Elsevier

Clinical Neurophysiology

Volume 115, Issue 10, October 2004, Pages 2195-2222
Clinical Neurophysiology

Invited review
EEG source imaging

https://doi.org/10.1016/j.clinph.2004.06.001Get rights and content

Abstract

Objective: Electroencephalography (EEG) is an important tool for studying the temporal dynamics of the human brain's large-scale neuronal circuits. However, most EEG applications fail to capitalize on all of the data's available information, particularly that concerning the location of active sources in the brain. Localizing the sources of a given scalp measurement is only achieved by solving the so-called inverse problem. By introducing reasonable a priori constraints, the inverse problem can be solved and the most probable sources in the brain at every moment in time can be accurately localized.

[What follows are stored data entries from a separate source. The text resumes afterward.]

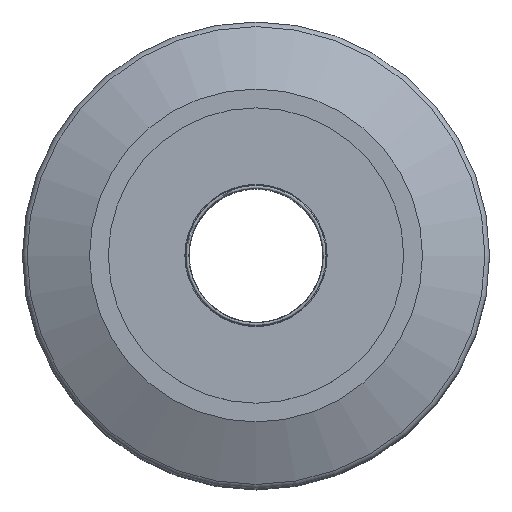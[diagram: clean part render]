
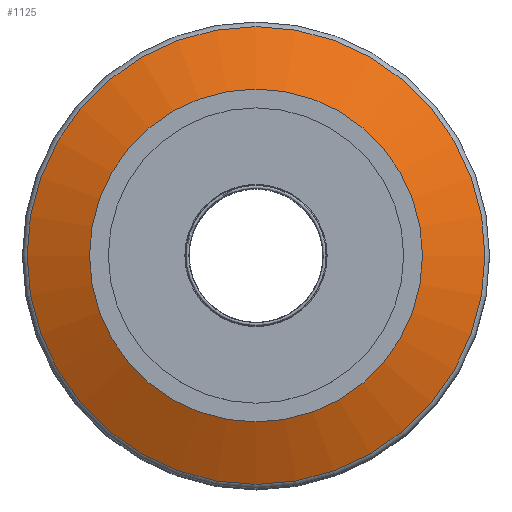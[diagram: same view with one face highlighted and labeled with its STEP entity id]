
A CAD part, top view. The second image highlights one B-rep face of the part: STEP entity #1125.
In plain terms, the highlighted conical face has half-angle 65 degrees and reference radius 27.5 mm.
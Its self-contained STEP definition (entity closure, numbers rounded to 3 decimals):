
#38=CONICAL_SURFACE('',#1215,27.5,1.134);
#286=ORIENTED_EDGE('',*,*,#378,.F.);
#287=ORIENTED_EDGE('',*,*,#305,.T.);
#305=EDGE_CURVE('',#388,#388,#455,.F.);
#378=EDGE_CURVE('',#445,#445,#482,.T.);
#388=VERTEX_POINT('',#1461);
#445=VERTEX_POINT('',#1696);
#455=CIRCLE('',#1143,31.);
#482=CIRCLE('',#1214,42.634);
#567=EDGE_LOOP('',(#286));
#568=EDGE_LOOP('',(#287));
#661=FACE_BOUND('',#567,.T.);
#662=FACE_BOUND('',#568,.T.);
#1125=ADVANCED_FACE('',(#661,#662),#38,.T.);
#1143=AXIS2_PLACEMENT_3D('',#1460,#1241,#1242);
#1214=AXIS2_PLACEMENT_3D('',#1695,#1421,#1422);
#1215=AXIS2_PLACEMENT_3D('',#1697,#1423,#1424);
#1241=DIRECTION('',(0.,0.,1.));
#1242=DIRECTION('',(0.,-1.,0.));
#1421=DIRECTION('',(0.,0.,-1.));
#1422=DIRECTION('',(-1.,0.,0.));
#1423=DIRECTION('',(0.,0.,-1.));
#1424=DIRECTION('',(-1.,0.,0.));
#1460=CARTESIAN_POINT('',(0.,0.,115.8));
#1461=CARTESIAN_POINT('',(0.,-31.,115.8));
#1695=CARTESIAN_POINT('',(0.,0.,110.375));
#1696=CARTESIAN_POINT('',(-42.634,0.,110.375));
#1697=CARTESIAN_POINT('',(0.,0.,117.432));

Methods and Results: Here, we review the different EEG source localization procedures applied during the last two decades. Additionally, we detail the importance of those procedures preceding and following source estimation that are intimately linked to a successful, reliable result. We discuss (1) the number and positioning of electrodes, (2) the varieties of inverse solution models and algorithms, (3) the integration of EEG source estimations with MRI data, (4) the integration of time and frequency in source imaging, and (5) the statistical analysis of inverse solution results.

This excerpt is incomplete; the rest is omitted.